In keeping with Percy Bridgman's view that

…in general, we mean by a concept nothing more than a set of operations; the concept is synonymous with the corresponding sets of operations. (Bridgman 1927, 5)

one might suppose that operationalizations are definitions or meaning rules such that it is analytically true, e.g., that every liquid that turns litmus red in a properly conducted test is acidic. But it is more faithful to actual scientific practice to think of operationalizations as defeasible rules for the application of a concept such that both the rules and their applications are subject to revision on the basis of new empirical or theoretical developments. So understood, to operationalize is to adopt verbal and related practices for the purpose of enabling scientists to do their work. Operationalizations are thus sensitive and subject to change on the basis of findings that influence their usefulness (Feest, 2005).

Definitional or not, investigators in different research traditions may be trained to report their observations in conformity with conflicting operationalizations. Thus instead of training observers to describe what they see in a bubble chamber as a whitish streak or a trail, one might train them to say they see a particle track or even a particle. This may reflect what Kuhn meant by suggesting that some observers might be justified or even required to describe themselves as having seen oxygen, transparent and colorless though it is, or atoms, invisible though they are. (Kuhn 1962, 127ff) To the contrary, one might object that what one sees should not be confused with what one is trained to say when one sees it, and therefore that talking about seeing a colorless gas or an invisible particle may be nothing more than a picturesque way of talking about what certain operationalizations entitle observers to say. Strictly speaking, the objection concludes, the term ‘observation report’ should be reserved for descriptions that are neutral with respect to conflicting operationalizations.

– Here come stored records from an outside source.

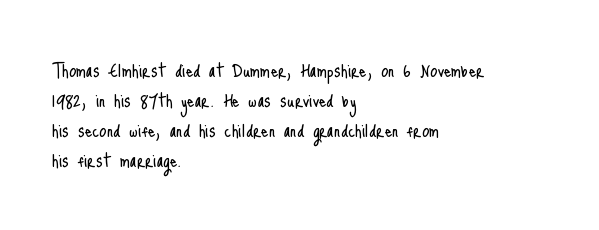
The image shows 23 px text type, upright; set left-aligned, normal line spacing (1.31x), normal letter spacing, not underlined.
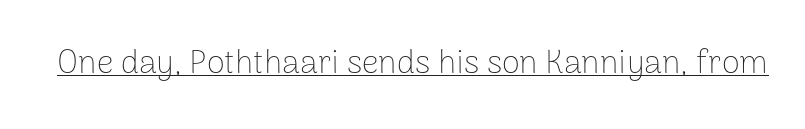
The image shows 33 px thin sans-serif type, upright; set normal letter spacing, underlined; low stroke contrast and a medium x-height.
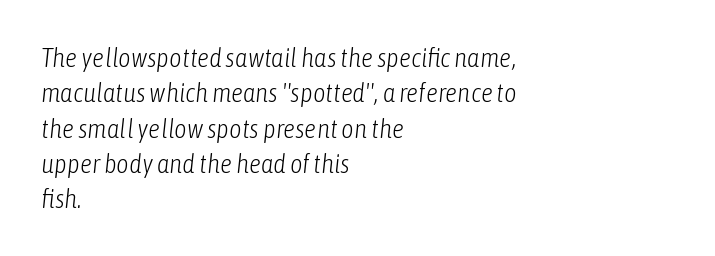
{"italic": "yes", "lean": "right", "slant_degrees": 6, "bold": "no", "underline": "no", "align": "left", "line_spacing": "normal", "line_spacing_ratio": 1.31, "letter_spacing": "normal", "letter_spacing_em": 0.0, "glyph_px": 27}
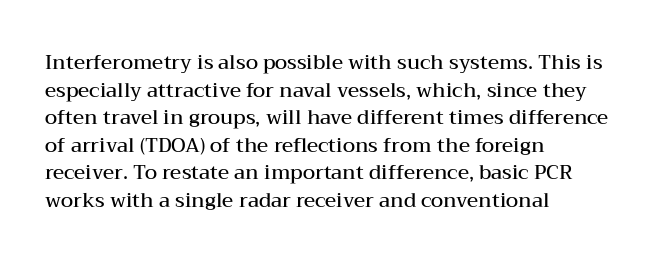
The image shows 20 px text type, upright; set left-aligned, normal line spacing (1.38x), normal letter spacing, not underlined.

If observational data are just those utterances that meet Feyerabend's decidability and agreeability conditions, the import of semantic theory loading depends upon how quickly, and for which sentences reasonably sophisticated language users who stand in different paradigms can non-inferentially reach the same decisions about what to assert or deny. Some would expect enough agreement to secure the objectivity of observational data. Others would not. Still others would try to supply different standards for objectivity.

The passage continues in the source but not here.